Brands are increasingly looking to use influencers, such as Instagram stars and bloggers, in their marketing but the chasm between what brands and their PR companies expect to pay for and what influencers feel they should be paid is growing.
Brands are increasing looking to bloggers and other influencers to help with their marketing.
Linqia’s State of Influencer Marketing 2017 report of 170 marketers in a range of sectors including travel, found that 86% were using influencer marketing in their strategies. The main reason for including influencers in their campaigns was to create authentic content, with engagement and web traffic coming significantly behind this.
Almost half expected their spend on influencers to increase in 2017, suggesting that influencer marketing works.
Instagram is the joint number one channel for influencer marketing.
Linqia’s report says that 87% of marketers are using Instagram in their influencer campaigns and the same proportion are using Facebook. Blogs are the next most used platform, at 44%. Market research company eMarketer estimates that brands spent $570 million globally on influencer marketing on Instagram alone.
Another report this week says that despite the rise in influencer marketing, bloggers are not feeling the love.
The UK Blogger Survey 2017 shows that more bloggers (71%) now say that PRs expect them to support their clients’ brands for little in return, compared to 2016 (68%). At the same time, more bloggers (58%) now believe they should be paid for all coverage they give to brands – up from 50% last year.
PRs are clearly targeting bloggers. More than a third of bloggers said they were pitched more than seven times a week on average by PR companies. However, despite PR companies’ interest in bloggers, this did not typically result in coverage – 70% stated that only one pitch a week or less resulted in any content on their blog. Vuelio suggests that “reaching the influencer market is a key target for PRs [but] bloggers, no matter how successful, remain focused on their own opinion and the needs of their audience”.
The survey was sent to all bloggers on the company’s directory and the statistics are based on 586 usable responses. Some 18% of the respondents were travel bloggers (up from 15% last year). The survey shows a growing professionalism in blogging – 12% say their blog is now their main source of income, up from 8% last year while 18% predict that their blog will be their key income source in the future, up from 13% in 2016.
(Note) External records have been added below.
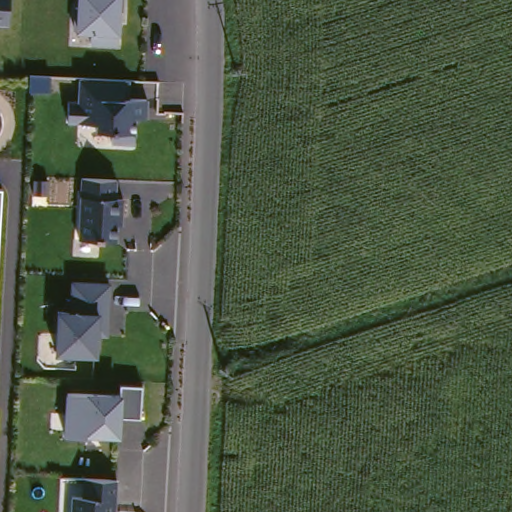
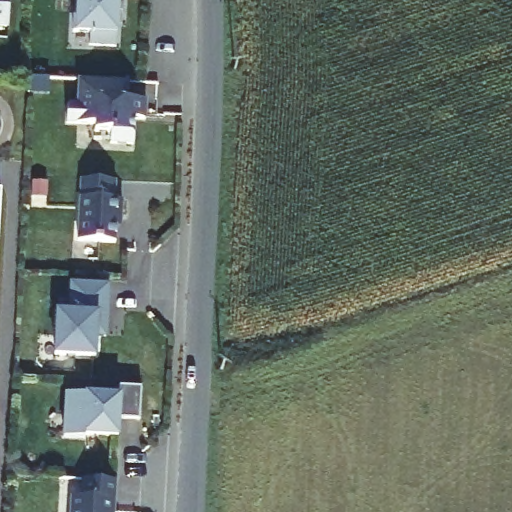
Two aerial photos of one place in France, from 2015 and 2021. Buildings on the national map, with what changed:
unchanged [(8,25),(0,25),(0,0),(9,0),(8,25)]
unchanged [(89,31),(74,30),(76,0),(117,0),(114,49),(87,47),(89,31)]
unchanged [(66,105),(76,105),(78,79),(126,81),(126,97),(147,100),(147,121),(135,119),(135,144),(109,144),(112,130),(93,130),(93,122),(65,124),(66,105)]
unchanged [(82,180),(112,183),(112,197),(123,200),(121,225),(116,226),(114,243),(79,240),(82,180)]
unchanged [(3,191),(0,231),(0,191),(3,191)]
unchanged [(54,310),(68,311),(70,282),(110,287),(107,339),(98,337),(96,360),(51,356),(54,310)]
unchanged [(65,393),(118,395),(119,388),(140,388),(139,420),(122,419),(119,440),(62,436),(65,393)]
unchanged [(72,512),(74,494),(79,495),(80,476),(117,478),(115,512),(72,512)]

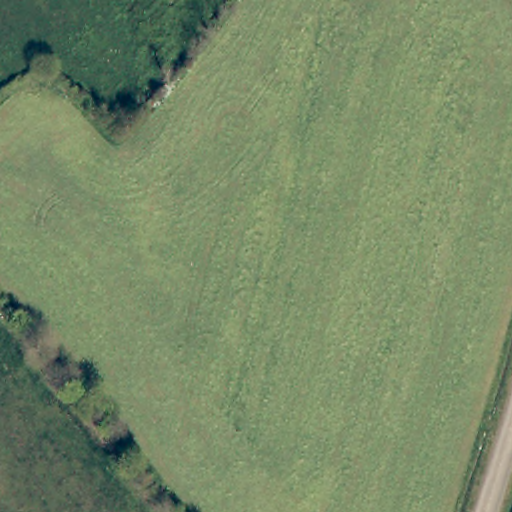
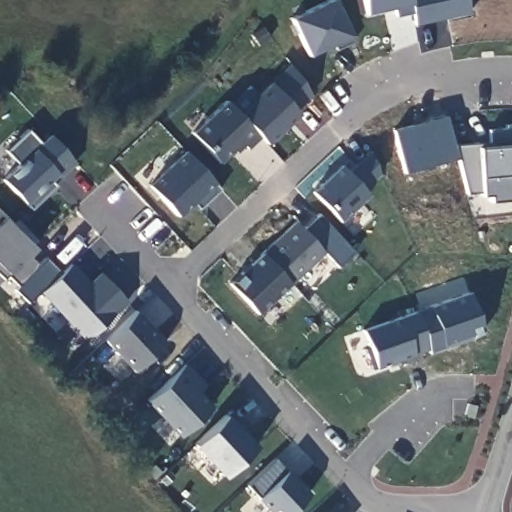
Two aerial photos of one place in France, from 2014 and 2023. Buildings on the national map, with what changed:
new [(354,42),(337,50),(335,43),(307,54),(290,16),(326,0),(334,0),(350,35),(354,42)]
new [(290,64),(311,94),(296,109),(299,113),(267,144),(239,113),(290,64)]
new [(261,137),(249,149),(242,142),(220,163),(192,133),(226,100),(261,137)]
new [(491,194),(482,194),(468,194),(455,145),(479,148),(493,147),(490,129),(507,129),(507,125),(512,125),(512,174),(512,199),(491,202),(491,194)]
new [(75,161),(59,177),(55,173),(50,179),(56,185),(31,209),(2,179),(17,164),(4,149),(27,128),(41,143),(50,134),(75,161)]
new [(209,201),(201,193),(179,215),(150,185),(186,150),(220,189),(209,201)]
new [(341,164),(346,171),(370,150),(381,174),(365,190),(369,194),(342,222),(312,190),(341,164)]
new [(34,248),(28,254),(38,265),(18,284),(6,274),(3,279),(0,276),(0,216),(34,248)]
new [(262,253),(296,221),(325,253),(292,284),(262,253)]
new [(291,283),(258,314),(230,284),(262,253),(291,283)]
new [(70,263),(82,276),(76,282),(83,290),(101,273),(128,301),(87,339),(41,290),(70,263)]
new [(137,310),(166,342),(135,371),(105,339),(137,310)]
new [(429,349),(414,354),(415,358),(399,364),(398,360),(373,369),(365,349),(369,348),(363,330),(416,312),(429,349)]
new [(205,386),(198,392),(190,384),(212,407),(181,436),(147,400),(185,364),(197,377),(205,386)]
new [(474,418),(468,417),(471,404),(477,406),(474,418)]
new [(240,423),(236,426),(255,447),(225,476),(195,445),(229,412),(240,423)]
new [(287,469),(311,494),(291,512),(270,512),(258,499),(248,486),(275,459),(287,469)]

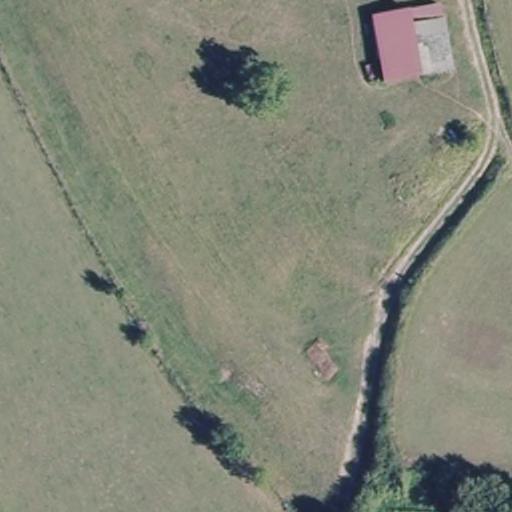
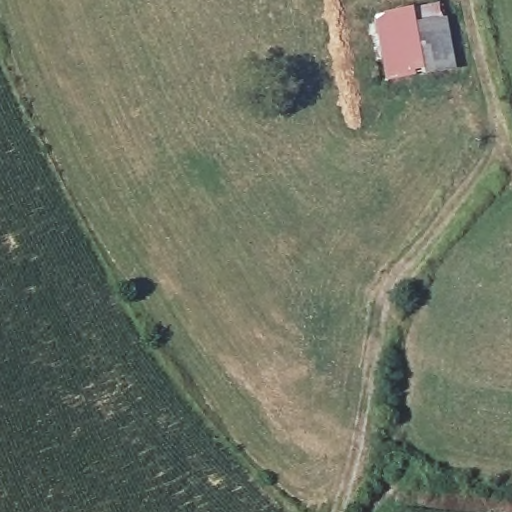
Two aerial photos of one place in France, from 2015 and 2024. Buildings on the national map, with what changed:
unchanged [(438,5),(453,71),(383,86),(366,21),(438,5)]

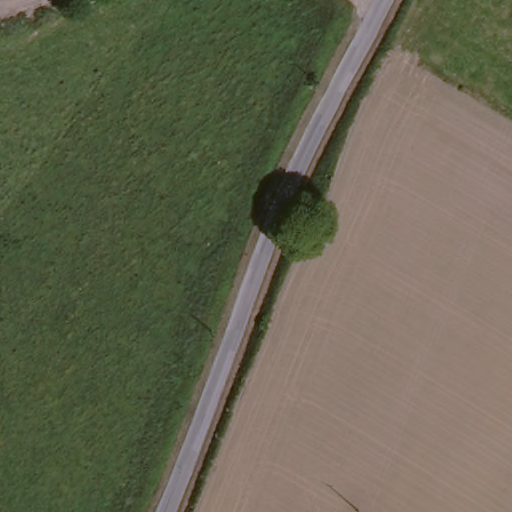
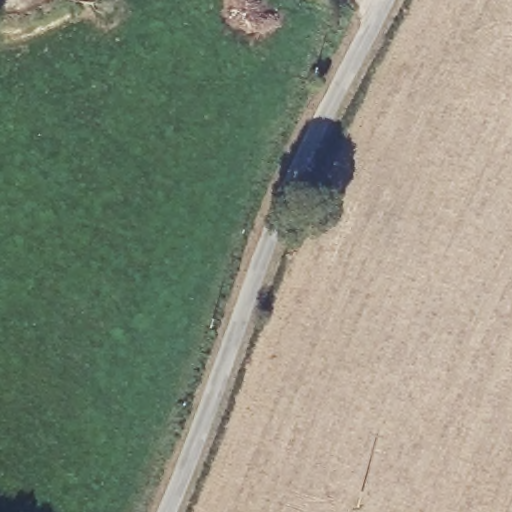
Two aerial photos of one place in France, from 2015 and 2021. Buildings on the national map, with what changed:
[]

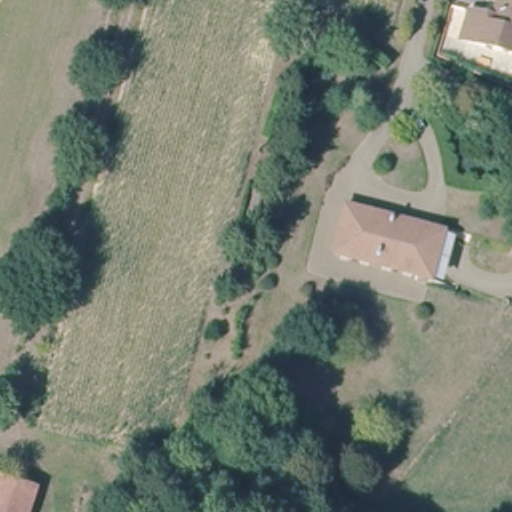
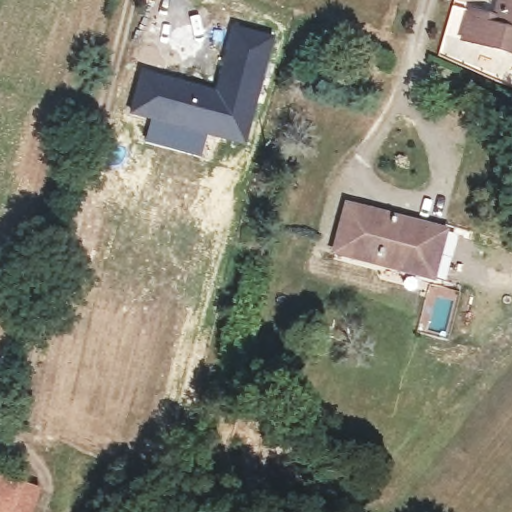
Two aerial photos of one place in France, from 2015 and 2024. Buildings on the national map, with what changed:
unchanged [(459,37),(467,8),(487,13),(492,0),(512,0),(512,51),(459,37)]
new [(139,68),(213,88),(229,22),(274,34),(264,76),(244,144),(206,135),(199,156),(143,141),(148,119),(127,113),(139,68)]
unchanged [(421,266),(335,247),(344,204),(429,223),(442,225),(435,269),(421,266)]
unchanged [(29,512),(0,512),(0,475),(37,486),(29,512)]

Yet there is hope, but it may require a change in how bloggers and other influencers perceive themselves.
Linqia asked marketers where influencer marketing sat within their company budgets. Some 42% now say that it sits within advertising/media compared with 31% who said the money comes from the PR/communications budget. Linqia says this “signals that the industry is evolving from an organic channel owned by communications to a paid channel owned by marketing”.
Others have also noted an increase in the number of brands using influencers as creative agencies, going directly to bloggers and Instagrammers in particular, to create and execute content that the advertisers then use themselves.
The answer for would-be influencers then is that rather than trying to become the latest incarnation of a travel journalist they should instead pitch themselves as paid creatives with the built-in authenticity that marketers crave.
At this year’s WTM London, a panel of experts will discuss whether influencer marketing is the way forward for destinations and will bring together DMOs, influencers and influencer agencies. The session takes place on the Global Stage on Tuesday 7 November from 14.05.